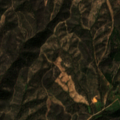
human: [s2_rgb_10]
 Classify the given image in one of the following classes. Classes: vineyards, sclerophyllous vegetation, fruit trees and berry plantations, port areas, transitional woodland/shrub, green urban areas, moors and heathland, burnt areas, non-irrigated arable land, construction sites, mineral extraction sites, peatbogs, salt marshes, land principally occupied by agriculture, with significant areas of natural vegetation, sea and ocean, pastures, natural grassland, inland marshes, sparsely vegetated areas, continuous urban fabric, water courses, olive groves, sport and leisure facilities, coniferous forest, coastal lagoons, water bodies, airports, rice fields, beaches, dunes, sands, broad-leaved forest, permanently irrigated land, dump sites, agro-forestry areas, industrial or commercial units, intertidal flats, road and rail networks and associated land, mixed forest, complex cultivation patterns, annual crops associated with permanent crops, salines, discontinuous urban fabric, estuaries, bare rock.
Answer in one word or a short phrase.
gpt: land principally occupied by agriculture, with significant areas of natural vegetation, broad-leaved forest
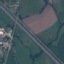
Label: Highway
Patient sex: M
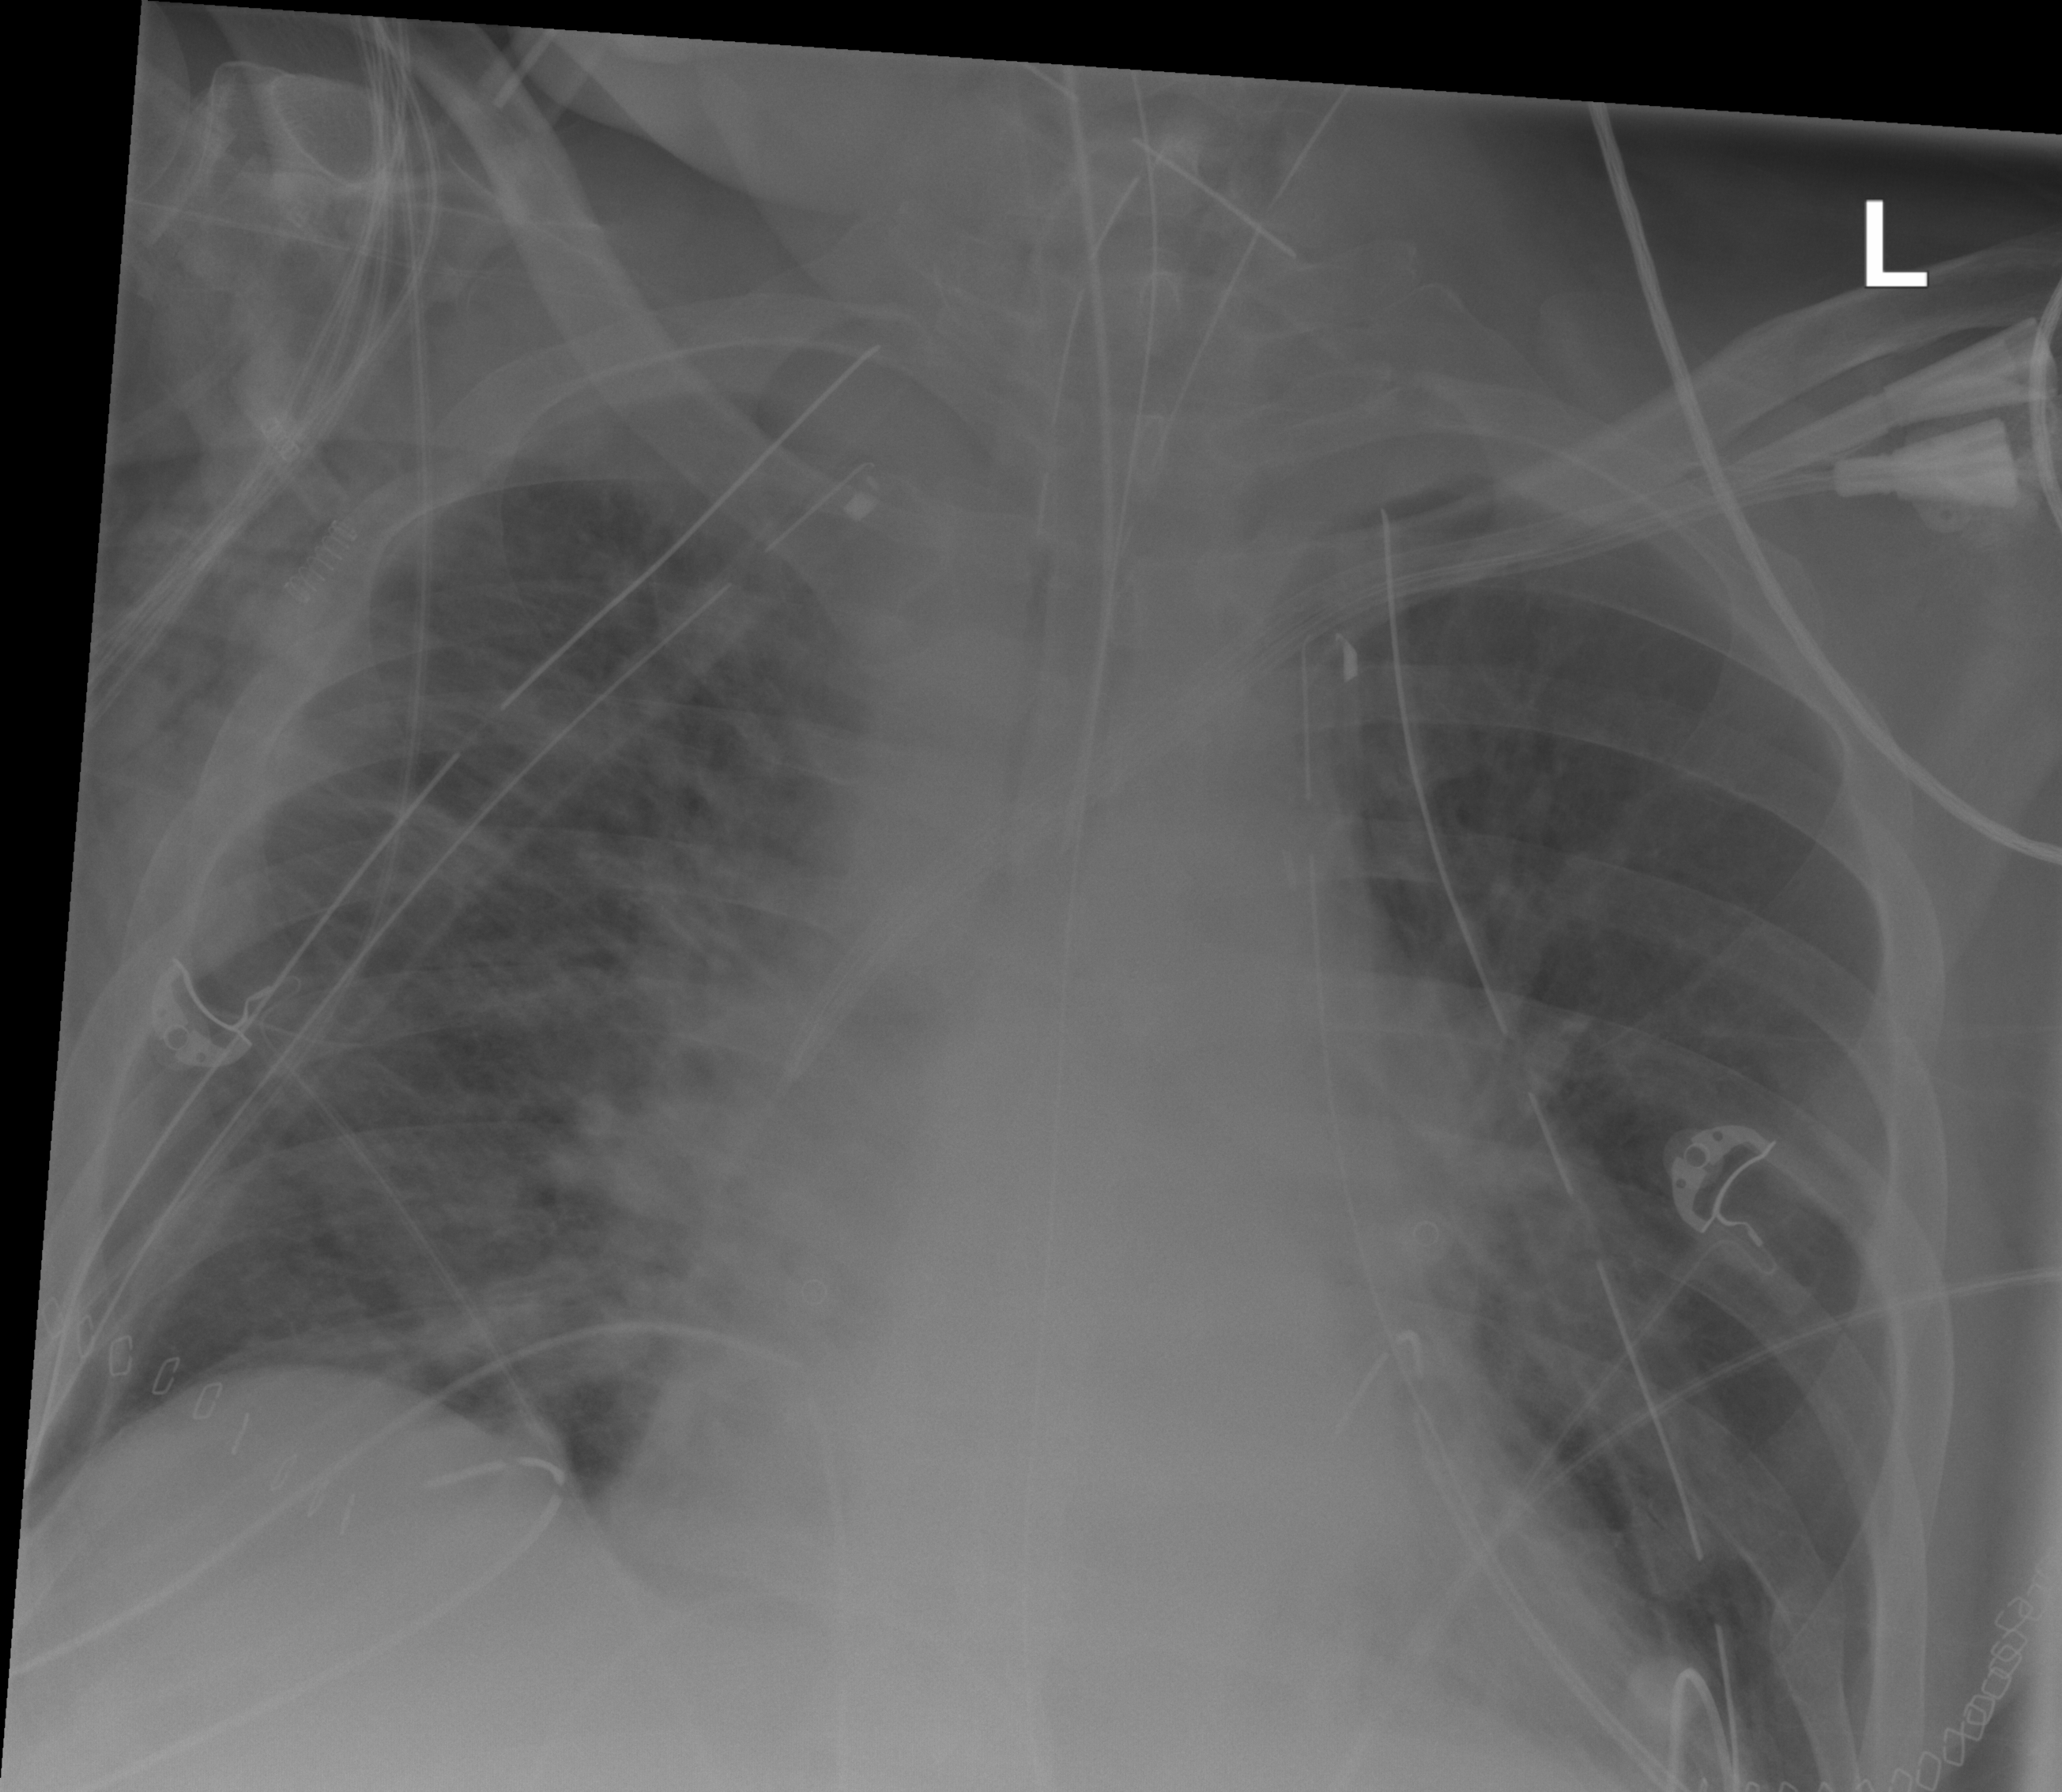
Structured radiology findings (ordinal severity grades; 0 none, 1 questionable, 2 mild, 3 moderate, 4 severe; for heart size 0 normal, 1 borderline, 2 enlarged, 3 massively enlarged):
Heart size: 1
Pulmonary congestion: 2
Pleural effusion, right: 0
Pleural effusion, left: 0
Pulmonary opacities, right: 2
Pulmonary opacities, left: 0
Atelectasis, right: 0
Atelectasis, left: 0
+++
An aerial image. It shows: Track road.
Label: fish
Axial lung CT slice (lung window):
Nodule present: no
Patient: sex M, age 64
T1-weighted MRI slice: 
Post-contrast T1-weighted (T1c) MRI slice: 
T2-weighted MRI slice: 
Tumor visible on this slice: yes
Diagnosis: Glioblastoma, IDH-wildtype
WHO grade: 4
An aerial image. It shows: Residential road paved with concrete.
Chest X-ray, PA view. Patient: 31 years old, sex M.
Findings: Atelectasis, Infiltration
+++
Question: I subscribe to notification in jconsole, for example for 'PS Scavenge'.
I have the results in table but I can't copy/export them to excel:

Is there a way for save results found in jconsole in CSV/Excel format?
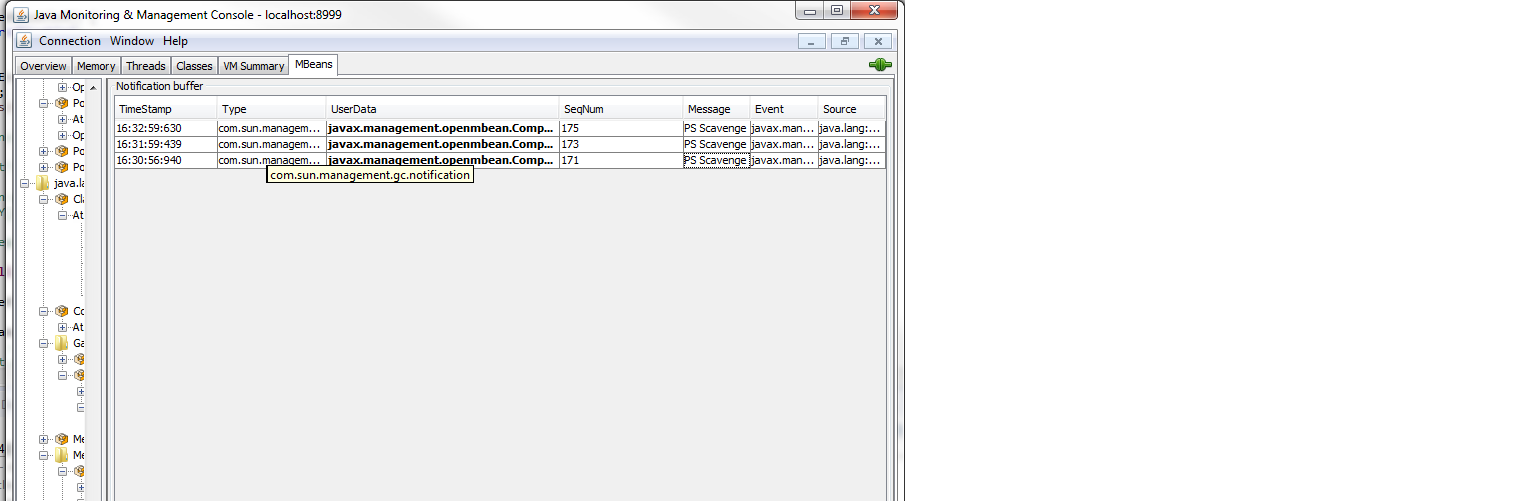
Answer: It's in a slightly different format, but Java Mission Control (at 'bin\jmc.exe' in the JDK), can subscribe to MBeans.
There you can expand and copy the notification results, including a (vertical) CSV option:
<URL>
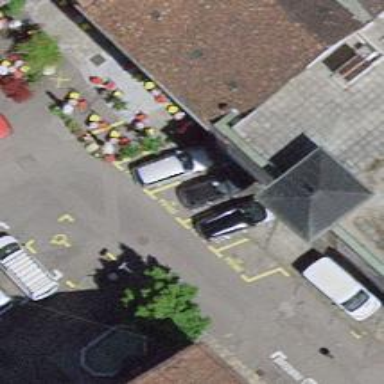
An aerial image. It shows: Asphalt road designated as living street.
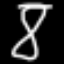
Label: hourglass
+++
■ **Aim of the task**:
What is needed is every line from the data above that includes the string "slice", copied out.

■ **Exercise answer**:
Axial lung CT slice (lung window):
T1-weighted MRI slice: 
Post-contrast T1-weighted (T1c) MRI slice: 
T2-weighted MRI slice: 
Tumor visible on this slice: yes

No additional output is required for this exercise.